Comment est venue cette idée de film de genre ?

Je suis tombé sur ce fait divers en regardant une émission de télévision au Chili. J’ai découvert comment le harcèlement dont a été victime cette famille a mené le père et le fils au meurtre de leur harceleur. Ils ont caché le corps et se sont fait prendre. Le fils a écopé de cinq ans de prison car le père a pris toute la responsabilité sur lui et une peine de vingt ans. Quand on lui demande s’il recommencerait, il répond : « Non, vous n’avez pas idée de ce que c’est de tuer un homme ».

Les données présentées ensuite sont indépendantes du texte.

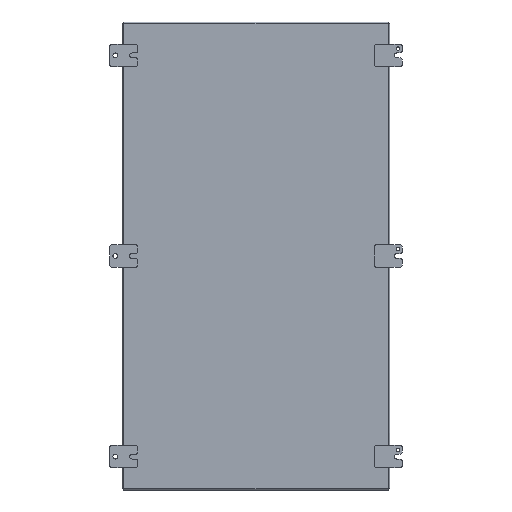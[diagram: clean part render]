
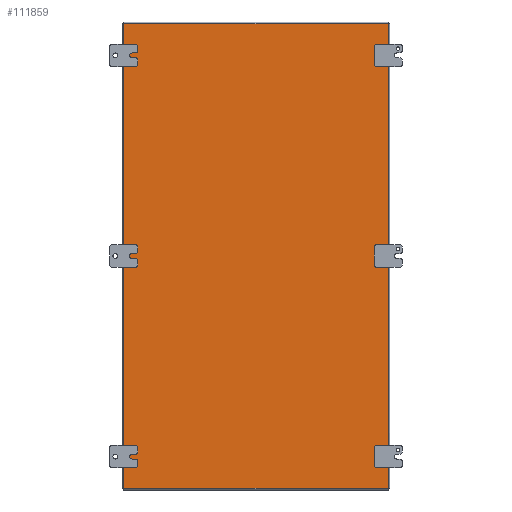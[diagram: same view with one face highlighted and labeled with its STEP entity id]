
A CAD part, left-side view. The second image highlights one B-rep face of the part: STEP entity #111859.
In plain terms, the highlighted face is planar.
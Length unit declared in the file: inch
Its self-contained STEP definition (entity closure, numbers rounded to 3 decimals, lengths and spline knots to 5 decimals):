
#4800 = DIRECTION ( 'NONE',  ( 0., -1., 0. ) ) ;
#7200 = EDGE_LOOP ( 'NONE', ( #56530, #98946, #78314, #95337 ) ) ;
#7461 = VECTOR ( 'NONE', #59585, 39.37008 ) ;
#22055 = CARTESIAN_POINT ( 'NONE',  ( -20.857, 0.095, 11.857 ) ) ;
#24099 = EDGE_CURVE ( 'NONE', #107137, #50042, #56608, .T. ) ;
#25565 = EDGE_CURVE ( 'NONE', #99463, #87325, #68468, .T. ) ;
#27408 = CARTESIAN_POINT ( 'NONE',  ( -20.857, 0.095, -11.857 ) ) ;
#37897 = CARTESIAN_POINT ( 'NONE',  ( -20.905, 0.095, -11.905 ) ) ;
#39613 = DIRECTION ( 'NONE',  ( 1., 0., 0. ) ) ;
#43320 = EDGE_CURVE ( 'NONE', #50042, #99463, #79526, .T. ) ;
#47175 = AXIS2_PLACEMENT_3D ( 'NONE', #37897, #4800, #124763 ) ;
#49825 = VECTOR ( 'NONE', #132796, 39.37008 ) ;
#50042 = VERTEX_POINT ( 'NONE', #55041 ) ;
#50081 = CARTESIAN_POINT ( 'NONE',  ( 20.857, 0.095, -11.857 ) ) ;
#55041 = CARTESIAN_POINT ( 'NONE',  ( 20.857, 0.095, 11.857 ) ) ;
#56530 = ORIENTED_EDGE ( 'NONE', *, *, #24099, .F. ) ;
#56608 = LINE ( 'NONE', #50081, #7461 ) ;
#59585 = DIRECTION ( 'NONE',  ( 0., 0., 1. ) ) ;
#67229 = LINE ( 'NONE', #82709, #75726 ) ;
#68468 = LINE ( 'NONE', #110899, #49825 ) ;
#68685 = PLANE ( 'NONE',  #47175 ) ;
#75726 = VECTOR ( 'NONE', #39613, 39.37008 ) ;
#78314 = ORIENTED_EDGE ( 'NONE', *, *, #25565, .F. ) ;
#79526 = LINE ( 'NONE', #98188, #115234 ) ;
#82709 = CARTESIAN_POINT ( 'NONE',  ( -20.857, 0.095, -11.857 ) ) ;
#87325 = VERTEX_POINT ( 'NONE', #27408 ) ;
#95337 = ORIENTED_EDGE ( 'NONE', *, *, #43320, .F. ) ;
#98188 = CARTESIAN_POINT ( 'NONE',  ( 20.857, 0.095, 11.857 ) ) ;
#98946 = ORIENTED_EDGE ( 'NONE', *, *, #105263, .F. ) ;
#99463 = VERTEX_POINT ( 'NONE', #22055 ) ;
#105263 = EDGE_CURVE ( 'NONE', #87325, #107137, #67229, .T. ) ;
#107137 = VERTEX_POINT ( 'NONE', #140108 ) ;
#110899 = CARTESIAN_POINT ( 'NONE',  ( -20.857, 0.095, 11.857 ) ) ;
#111859 = ADVANCED_FACE ( 'NONE', ( #128259 ), #68685, .F. ) ;
#115234 = VECTOR ( 'NONE', #121513, 39.37008 ) ;
#121513 = DIRECTION ( 'NONE',  ( -1., 0., 0. ) ) ;
#124763 = DIRECTION ( 'NONE',  ( 0., 0., -1. ) ) ;
#128259 = FACE_OUTER_BOUND ( 'NONE', #7200, .T. ) ;
#132796 = DIRECTION ( 'NONE',  ( 0., 0., -1. ) ) ;
#140108 = CARTESIAN_POINT ( 'NONE',  ( 20.857, 0.095, -11.857 ) ) ;
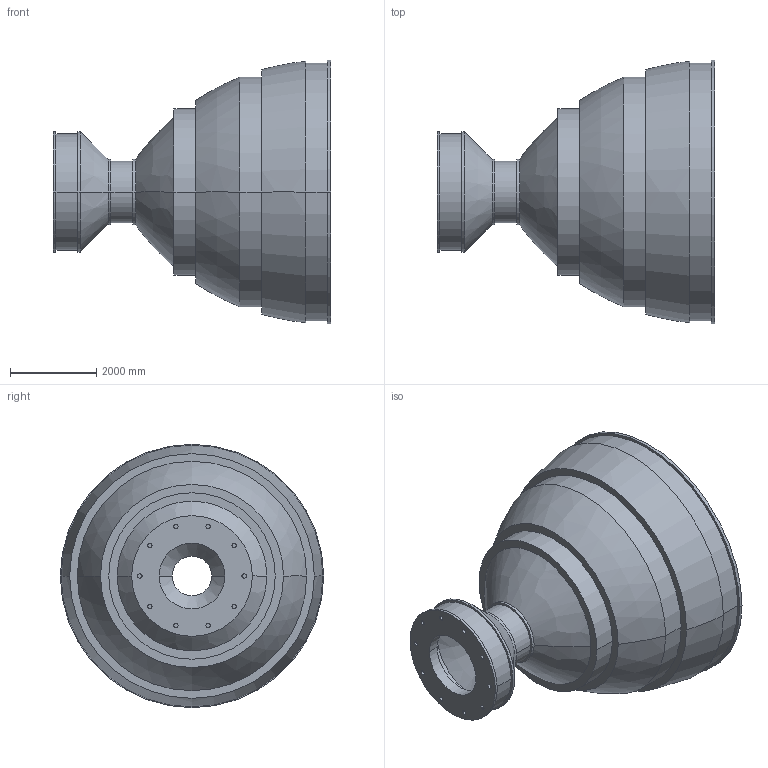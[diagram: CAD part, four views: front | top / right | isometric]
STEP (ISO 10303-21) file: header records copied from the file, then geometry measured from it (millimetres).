
FILE_DESCRIPTION((''),'2;1');
FILE_NAME('REAR_MOUNTING_SHAFT','2025-12-19T09:18:49',('H576696'),('Honeywell International Inc.'),'CREO PARAMETRIC BY PTC INC, 2023134','CREO PARAMETRIC BY PTC INC, 2023134','');
FILE_SCHEMA(('AUTOMOTIVE_DESIGN { 1 0 10303 214 1 1 1 1 }'));
Length unit declared in the file: inch
Products named in the file (1): REAR_MOUNTING_SHAFT
Bounding box: 6426.2 x 6096 x 6096 mm (x, y, z)
Volume: 23132411167.3 mm3; surface area: 207987873 mm2
Topology: 1 solids, 1 shells, 103 faces, 226 edges, 146 vertices
Faces by surface type: cylinder 68, plane 23, bspline 8, cone 4
Entity records: 4704 total; most frequent: CARTESIAN_POINT 694, DIRECTION 572, ORIENTED_EDGE 452, PRESENTATION_STYLE_ASSIGNMENT 330, STYLED_ITEM 330, AXIS2_PLACEMENT_3D 250, CURVE_STYLE 226, EDGE_CURVE 226

J’ai senti que j’avais une idée de film car on voit rarement au cinéma ce qui se passe juste après le meurtre de quelqu’un. Après un certain point, le film atteint une sorte de dimension métaphysique...

Ça ne pouvait pas être un film complètement réaliste. Bien sûr, comme les acteurs sont pour la plupart non professionnels et que le rythme des dialogues est plutôt naturel, on peut avoir le sentiment d’assister à une tranche de vie, mais le film est mis en scène et les plans sont souvent composés comme des tableaux. Particulièrement après la disparition du corps, on s’attache à ce qui se passe dans la tête du personnage principal. Le film devient alors un cauchemar éveillé.

Vous avez un style très particulier. Comment le développez-vous ?

Je pense sincèrement que chaque film appelle un style qui lui sera propre. Pour Huacho, mon premier film, j’avais besoin de rester très proche de mes personnages.

Avec Près du feu, je voulais sentir l’homme face à la nature et aux saisons. Pour Tuer un homme, je voulais qu’on entre pleinement dans la tragédie.

Le titre nous débarrasse de tout suspense. Ce n’est pas tant un film sur ce qui va arriver mais sur le voyage personnel du père de famille. Pour moi, c’est une sorte de western tragique. Le premier jour de tournage, en septembre 2012, tout le monde s’affairait à préparer le plateau et tout d’un coup, le personnage principal s’est retrouvé décadré, en bas du centre de l’image. Là, j’ai trouvé ce qu’il fallait au film. Le ciel était chargé de nuages colorés et j’avais un parfait sentiment de tragédie où le personnage était magnifiquement écrasé.

Le choix de tourner de nuit ne donne pourtant pas trop l’impression d’un film sombre...

On a réalisé très vite que plus de la moitié du film serait tourné de nuit, ce qui est difficile en termes d’organisation. On n’a pratiquement pas utilisé de sources extérieures de lumière et on a même insisté en post-production sur les oranges et les jaunes pour renforcer l’impression que le personnage évoluait en enfer.

Comment avez-vous trouvé vos comédiens ?

La première idée était de travailler à nouveau avec Daniel Munoz, qui jouait le personnage principal dans Près du feu, mais il était engagé pour la télévision. Je me suis alors souvenu d’un comédien à qui on avait confié un petit rôle. J’ai réalisé que le scénario lui allait parfaitement : il avait travaillé dans une scierie et savait parfaitement manier la tronçonneuse. Pour le rôle du méchant, j’avais repéré le comédien dans les films courts de mes étudiants : il est très grand, massif, et il fait peur rien qu’en le regardant.

La musique est impressionnante et vous avez un passé de musicien...

Il est difficile pour moi de travailler la musique ; elle oriente souvent trop le spectateur et l’équilibre est toujours fragile. L’effet musical est instantané et j’essaye de la travailler avec parcimonie. Je n’utilise pas de thème répétitif, je préfère m’en servir pour créer de la tension ou nous aider à entrer dans l’âme du personnage.